:: About this task ::
A precise reproduction of every record below is needed, minus the pictures.

:: Study material ::
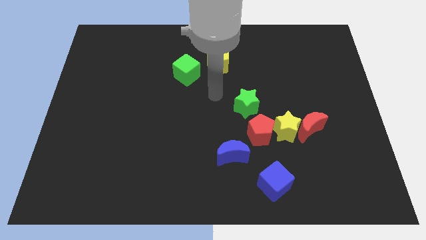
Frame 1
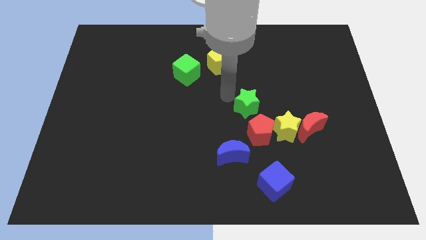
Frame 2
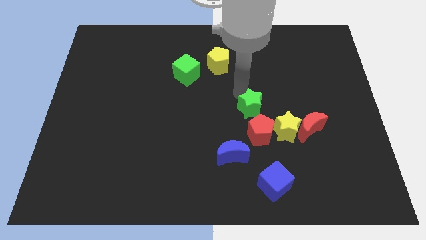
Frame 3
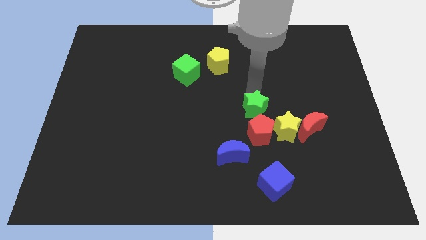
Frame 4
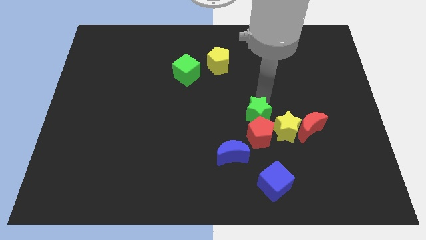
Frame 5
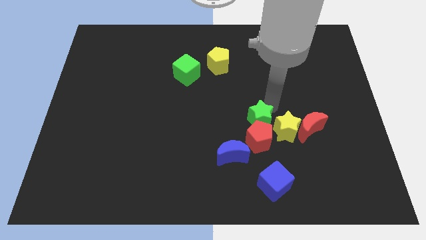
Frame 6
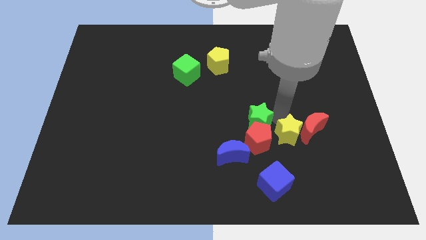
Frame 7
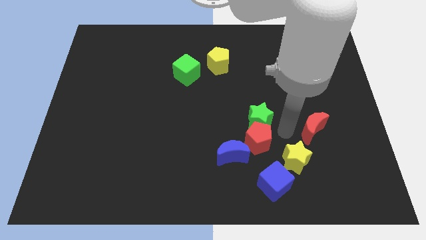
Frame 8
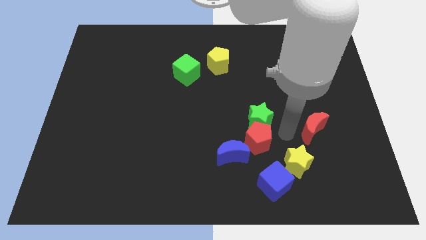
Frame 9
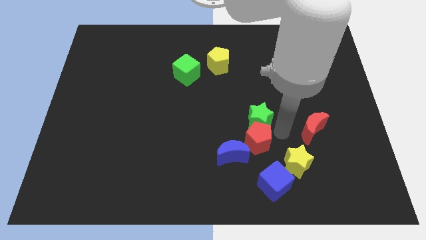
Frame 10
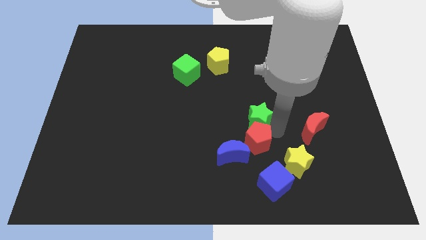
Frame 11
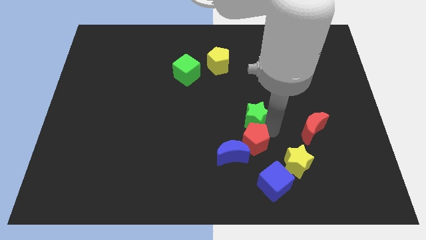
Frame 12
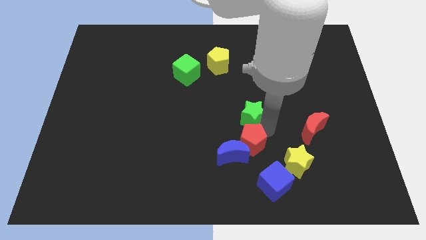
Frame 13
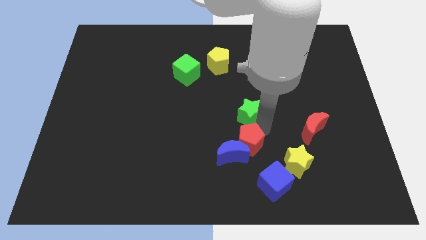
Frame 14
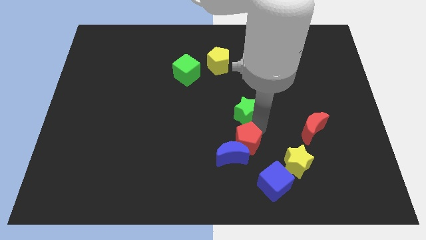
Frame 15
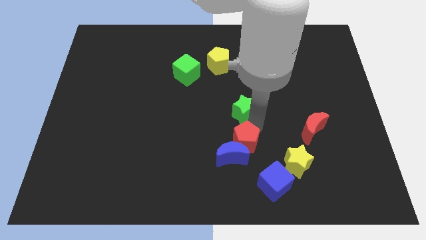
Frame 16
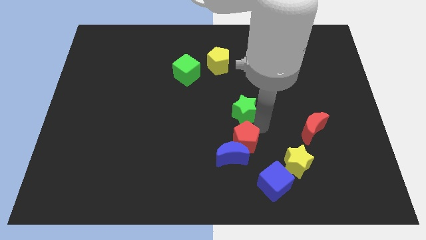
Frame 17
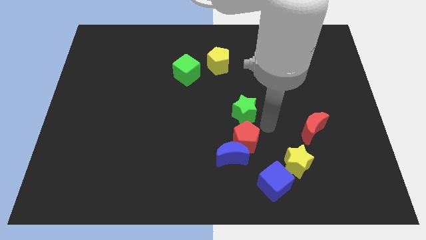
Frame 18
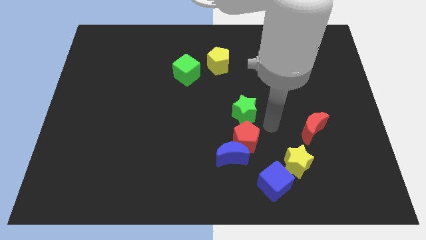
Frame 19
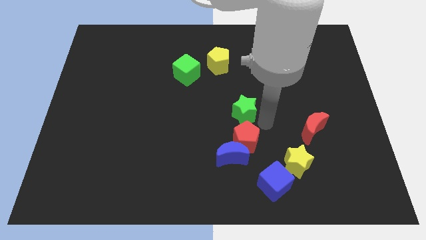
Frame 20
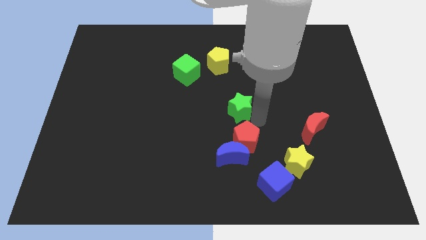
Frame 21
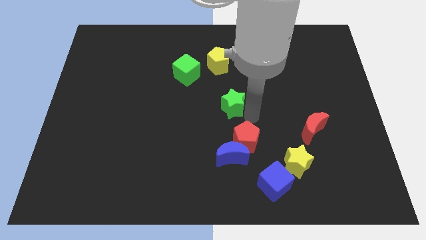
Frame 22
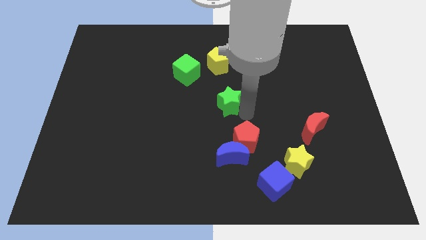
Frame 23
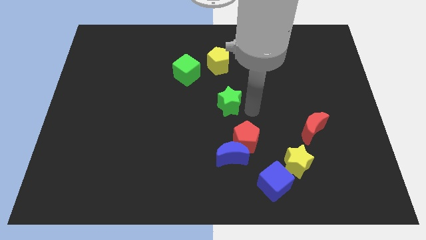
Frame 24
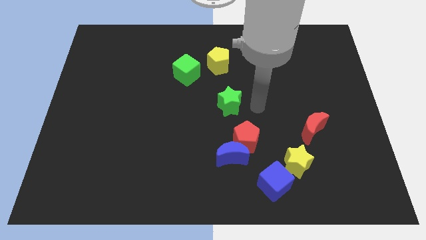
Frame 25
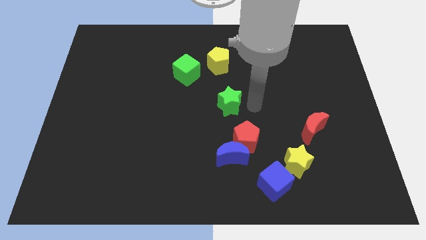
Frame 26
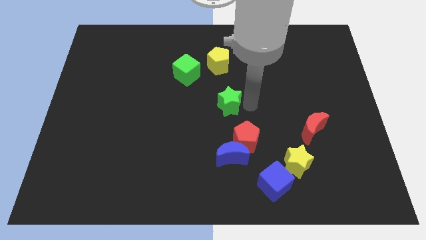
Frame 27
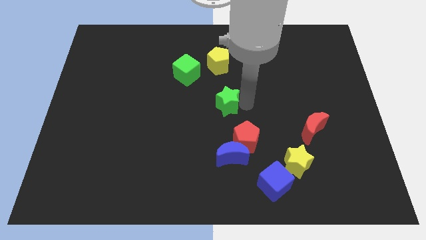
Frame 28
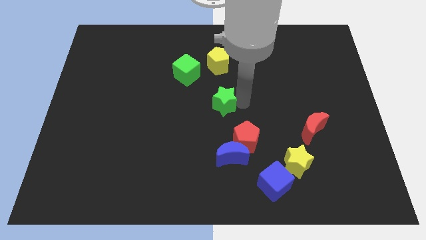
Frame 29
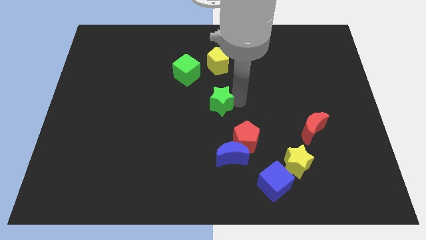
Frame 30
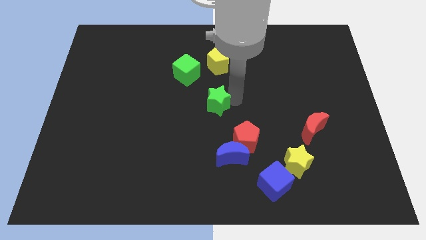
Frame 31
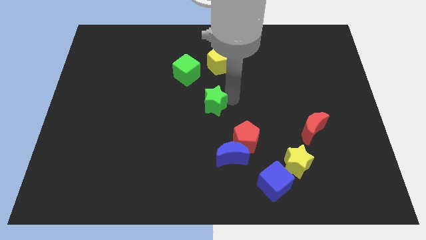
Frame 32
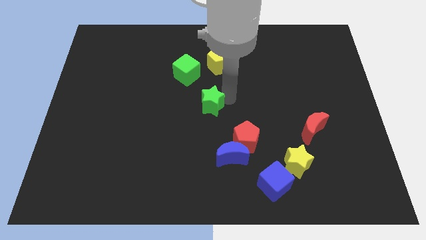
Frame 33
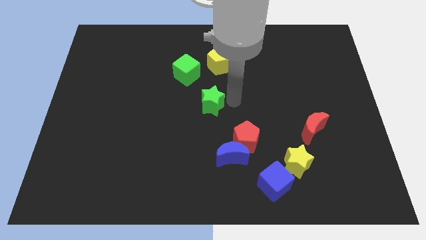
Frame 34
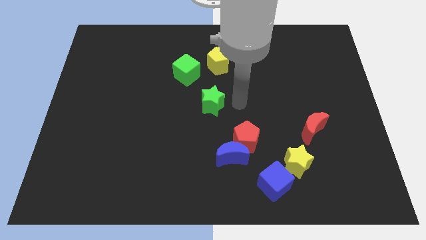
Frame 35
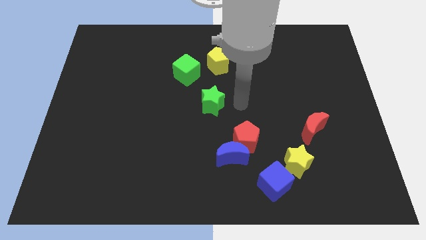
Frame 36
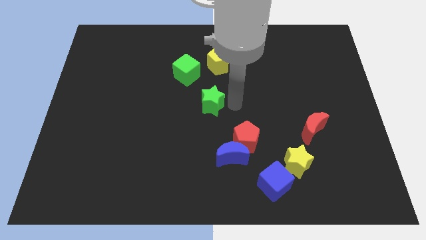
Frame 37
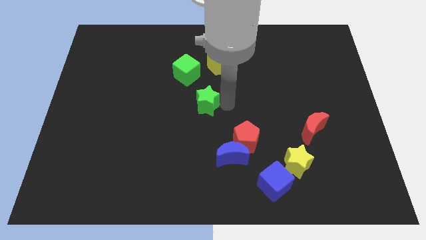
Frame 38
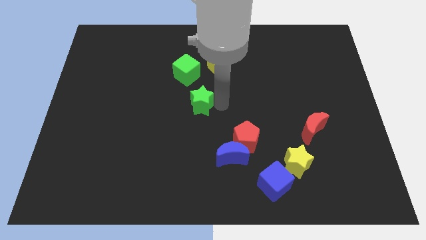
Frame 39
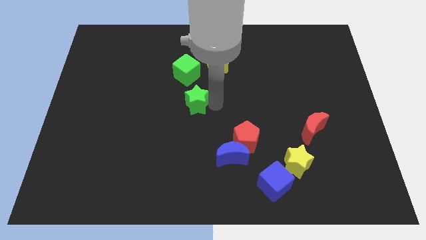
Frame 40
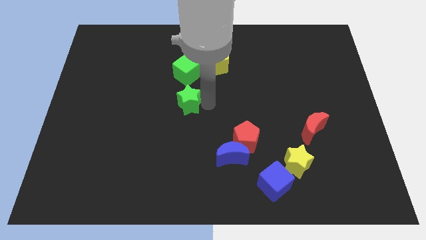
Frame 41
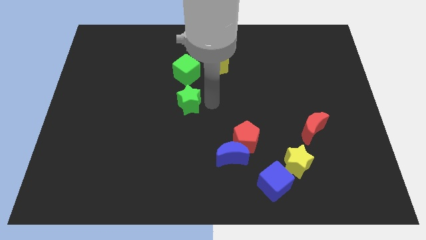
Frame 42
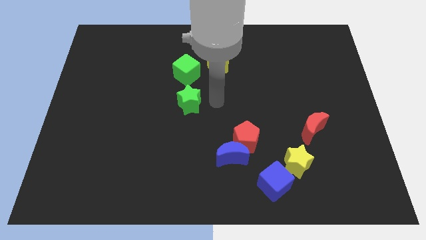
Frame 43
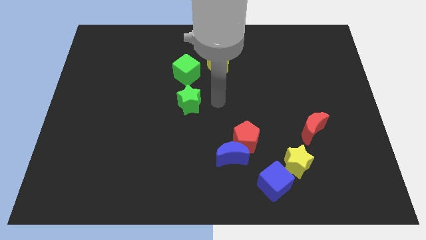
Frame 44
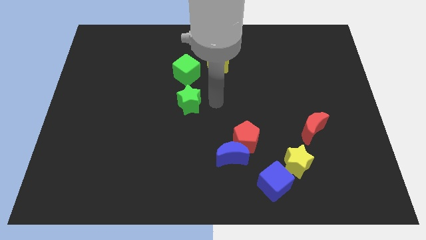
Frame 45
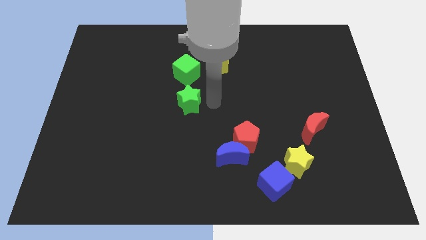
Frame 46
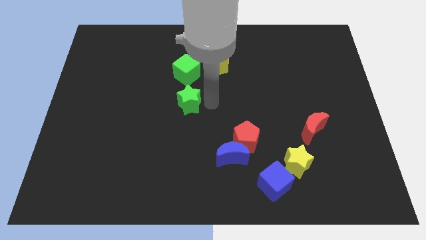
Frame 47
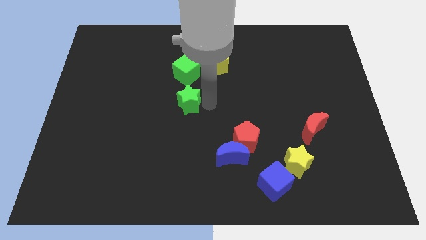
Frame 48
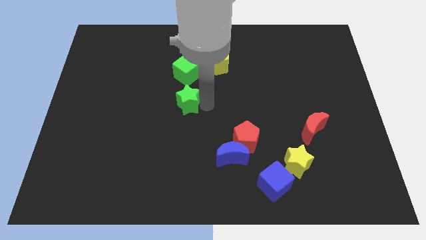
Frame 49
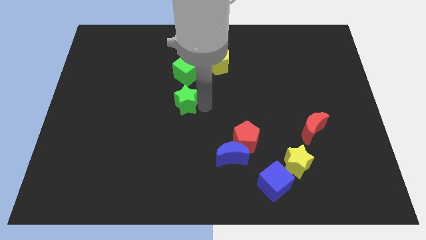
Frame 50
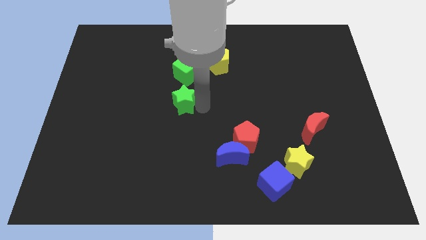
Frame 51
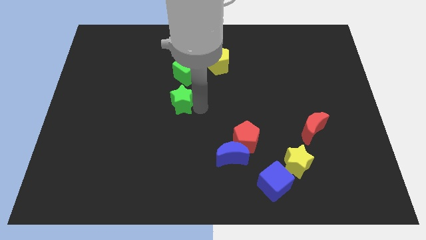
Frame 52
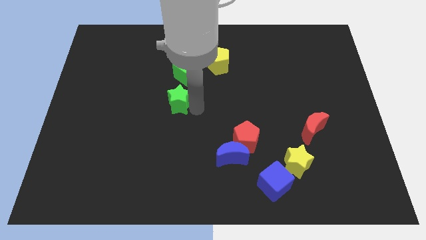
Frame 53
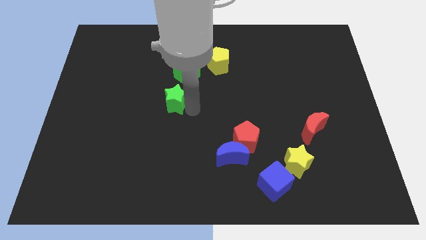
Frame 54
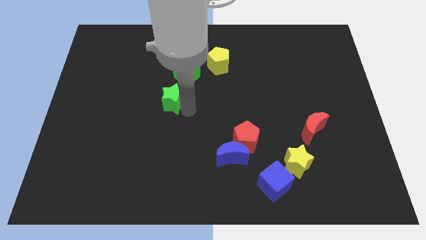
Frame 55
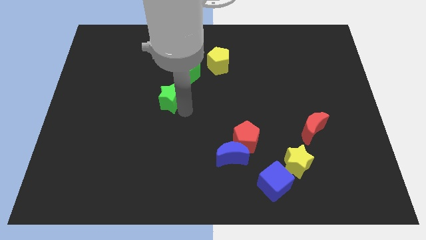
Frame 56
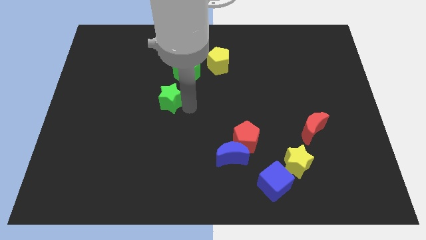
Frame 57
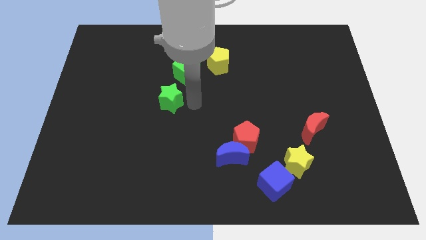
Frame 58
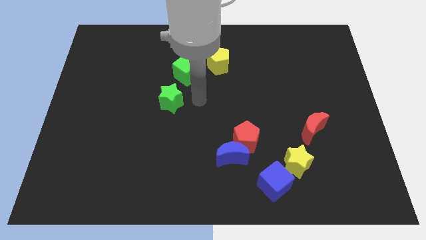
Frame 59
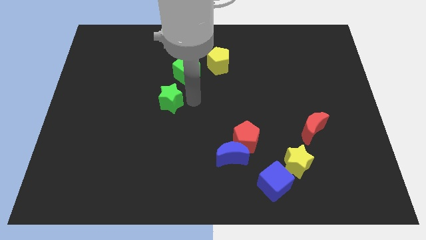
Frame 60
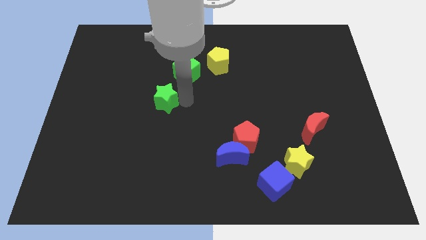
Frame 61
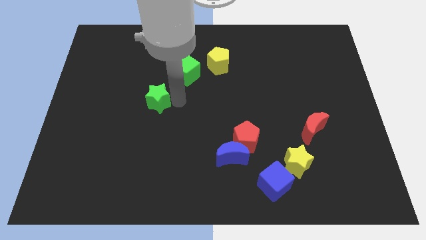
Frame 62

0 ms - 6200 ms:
move the green star to the left

:: Exercise output ::
Frame 1
Frame 2
Frame 3
Frame 4
Frame 5
Frame 6
Frame 7
Frame 8
Frame 9
Frame 10
Frame 11
Frame 12
Frame 13
Frame 14
Frame 15
Frame 16
Frame 17
Frame 18
Frame 19
Frame 20
Frame 21
Frame 22
Frame 23
Frame 24
Frame 25
Frame 26
Frame 27
Frame 28
Frame 29
Frame 30
Frame 31
Frame 32
Frame 33
Frame 34
Frame 35
Frame 36
Frame 37
Frame 38
Frame 39
Frame 40
Frame 41
Frame 42
Frame 43
Frame 44
Frame 45
Frame 46
Frame 47
Frame 48
Frame 49
Frame 50
Frame 51
Frame 52
Frame 53
Frame 54
Frame 55
Frame 56
Frame 57
Frame 58
Frame 59
Frame 60
Frame 61
Frame 62

0 ms - 6200 ms:
move the green star to the left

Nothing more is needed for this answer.